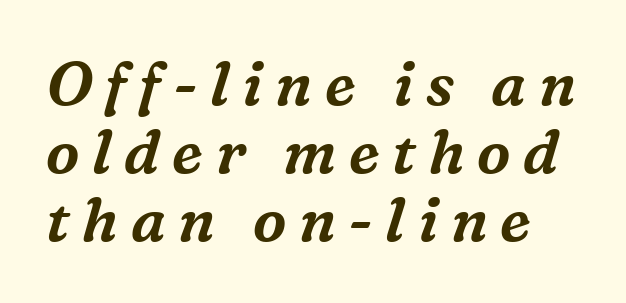
Q: Is the text italic (slanted)? A: Yes, it leans right by about 16 degrees.
Q: Is the typeface a serif or a sans-serif typeface? A: Serif.
Q: Is the text underlined? A: No.
Q: Is the spacing between letters normal or unusually wide? A: Unusually wide.
Q: Is the spacing between lines tight, normal or loose? A: Tight.
Q: Width (condensed, normal, or wide)? A: Normal.
Q: Stroke contrast? A: Medium.
Q: x-height? A: Medium.
Q: Monospaced? A: No.
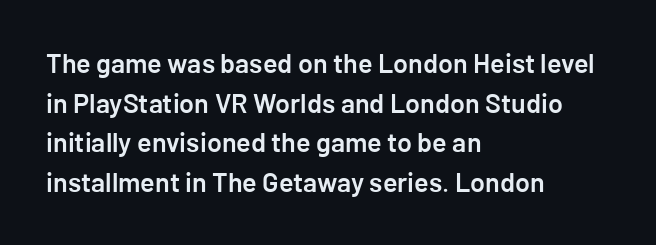
{"italic": "no", "bold": "semi", "underline": "no", "align": "left", "line_spacing": "normal", "line_spacing_ratio": 1.47, "letter_spacing": "normal", "letter_spacing_em": 0.0, "glyph_px": 27}
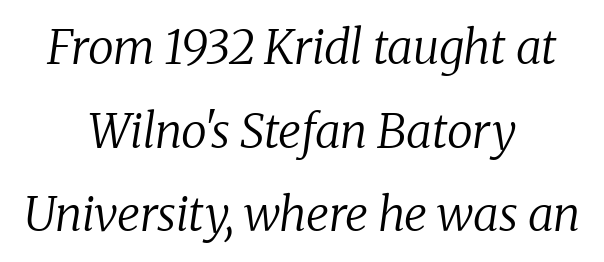
The image shows 47 px regular-weight serif type, italic (leaning right); set centered, line spacing 1.78x, normal letter spacing, not underlined; low stroke contrast and a medium x-height.
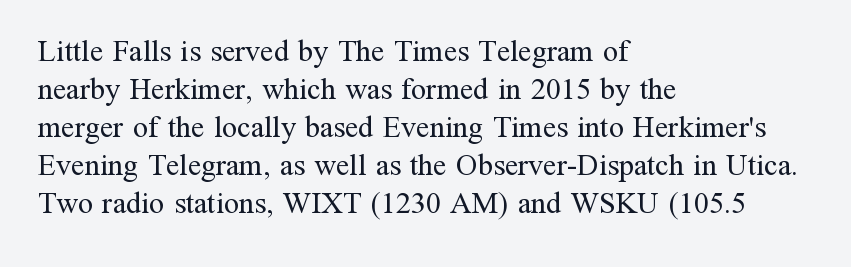
Q: Is the text bold? A: No.
Q: Is the text italic (slanted)? A: No, it is upright.
Q: Is the typeface a serif or a sans-serif typeface? A: Serif.
Q: Is the text underlined? A: No.
Q: How is the paragraph aligned? A: Left-aligned.
Q: Is the spacing between letters normal or unusually wide? A: Normal.
Q: Is the spacing between lines tight, normal or loose? A: Normal.
Q: Width (condensed, normal, or wide)? A: Normal.
Q: Stroke contrast? A: Medium.
Q: x-height? A: Medium.
Q: Monospaced? A: No.
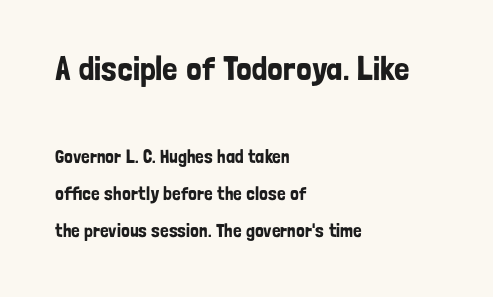
A typesetter would call this proportional, since set widths differ per character. Left-aligned paragraph, ragged on the right. The letters stand straight up with perfectly vertical stems. Descenders are the only things crossing below the line. Check where the strokes stop: nothing finishes them off — pure sans.

▸ **TASK**:
Every line above in which the word "loose" occurs is to be copied.

▸ **WRITTEN SOLUTION**:
Q: Is the spacing between lines tight, normal or loose? A: Tight.
Q: Is the spacing between lines tight, normal or loose? A: Normal.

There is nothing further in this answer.